» **Directions**:
Start to finish, write out the entries exactly, leaving the pictures aside.

### Data extracts

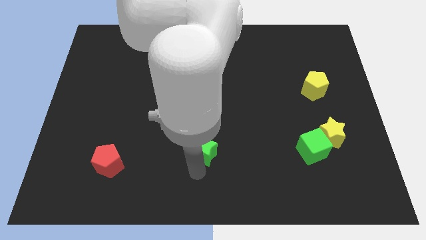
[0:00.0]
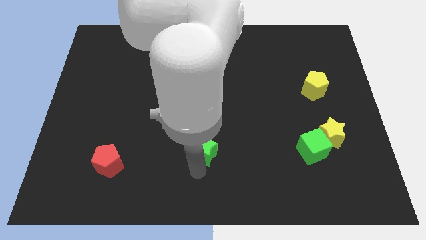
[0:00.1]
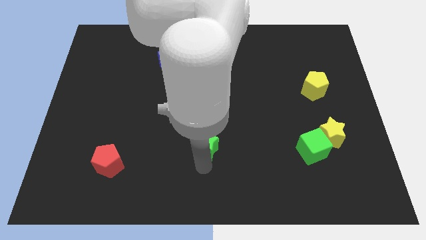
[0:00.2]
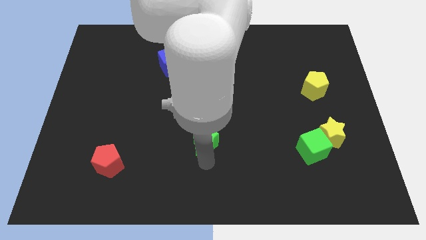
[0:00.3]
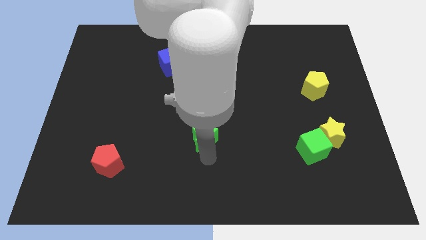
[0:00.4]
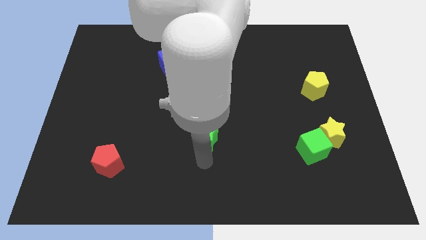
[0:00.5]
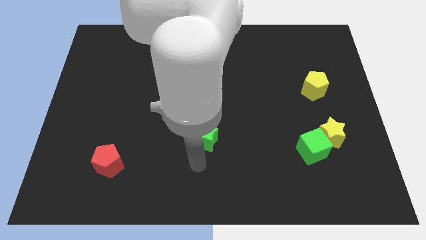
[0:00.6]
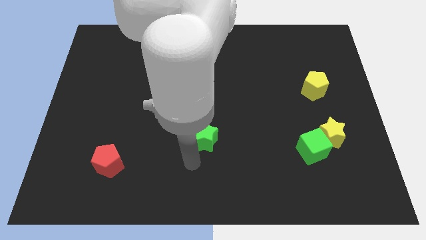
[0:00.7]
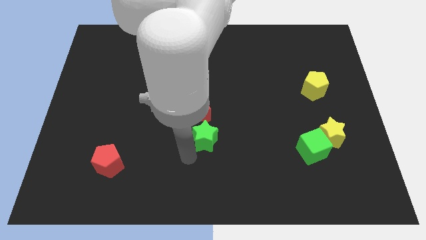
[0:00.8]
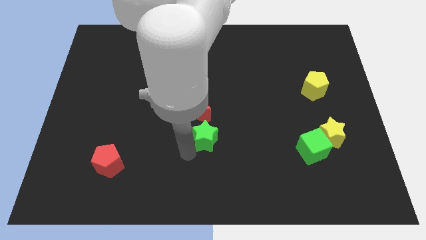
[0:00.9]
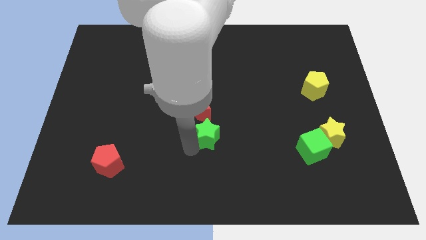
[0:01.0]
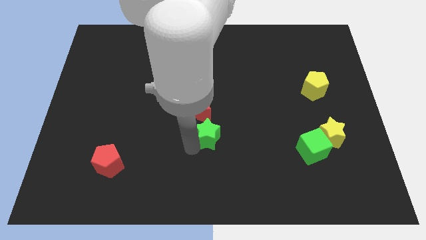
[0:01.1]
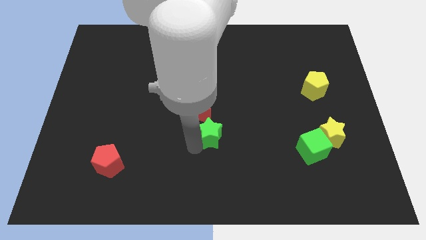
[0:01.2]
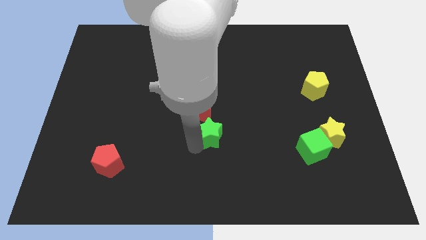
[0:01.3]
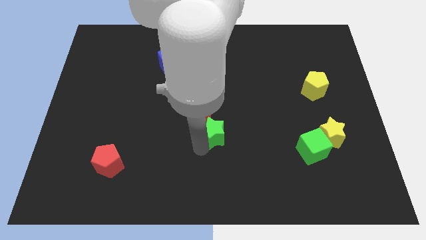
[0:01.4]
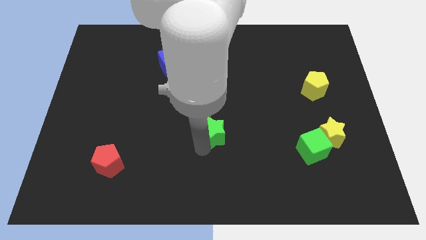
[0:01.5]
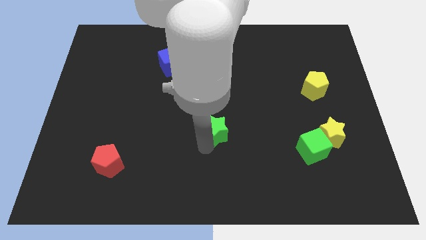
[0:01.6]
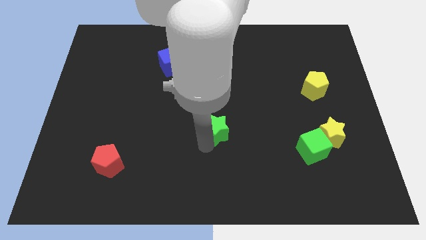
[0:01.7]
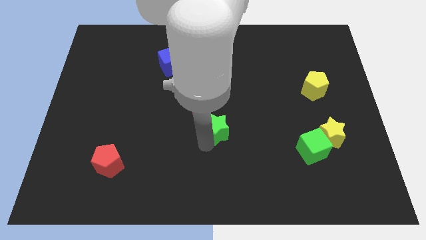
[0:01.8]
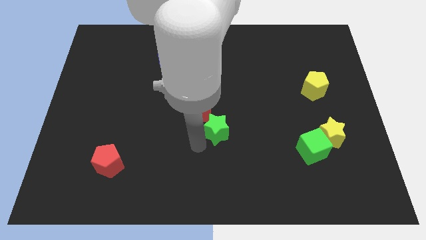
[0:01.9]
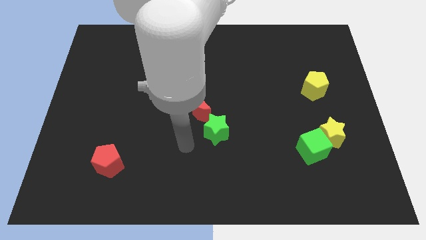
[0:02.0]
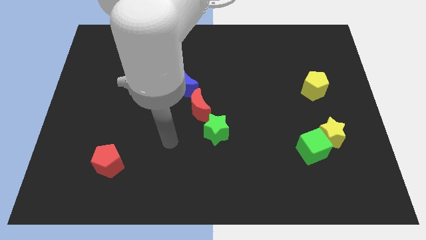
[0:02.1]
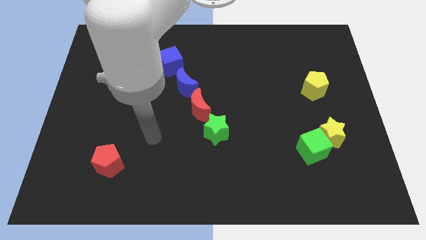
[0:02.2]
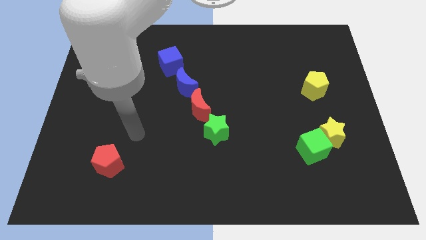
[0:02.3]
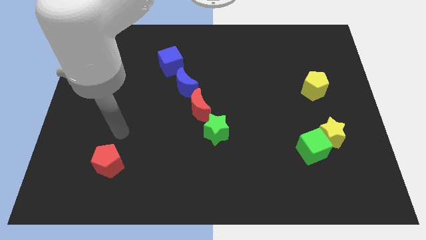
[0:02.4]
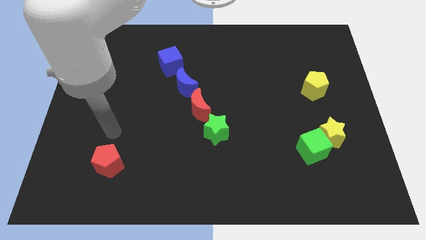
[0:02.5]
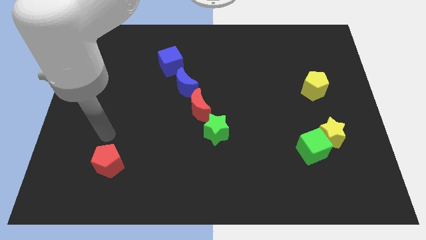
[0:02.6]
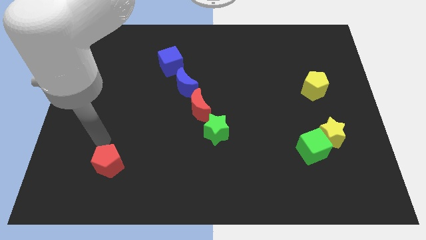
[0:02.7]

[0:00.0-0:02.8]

######

» **Problem solution**:
[0:00.0]
[0:00.1]
[0:00.2]
[0:00.3]
[0:00.4]
[0:00.5]
[0:00.6]
[0:00.7]
[0:00.8]
[0:00.9]
[0:01.0]
[0:01.1]
[0:01.2]
[0:01.3]
[0:01.4]
[0:01.5]
[0:01.6]
[0:01.7]
[0:01.8]
[0:01.9]
[0:02.0]
[0:02.1]
[0:02.2]
[0:02.3]
[0:02.4]
[0:02.5]
[0:02.6]
[0:02.7]

[0:00.0-0:02.8]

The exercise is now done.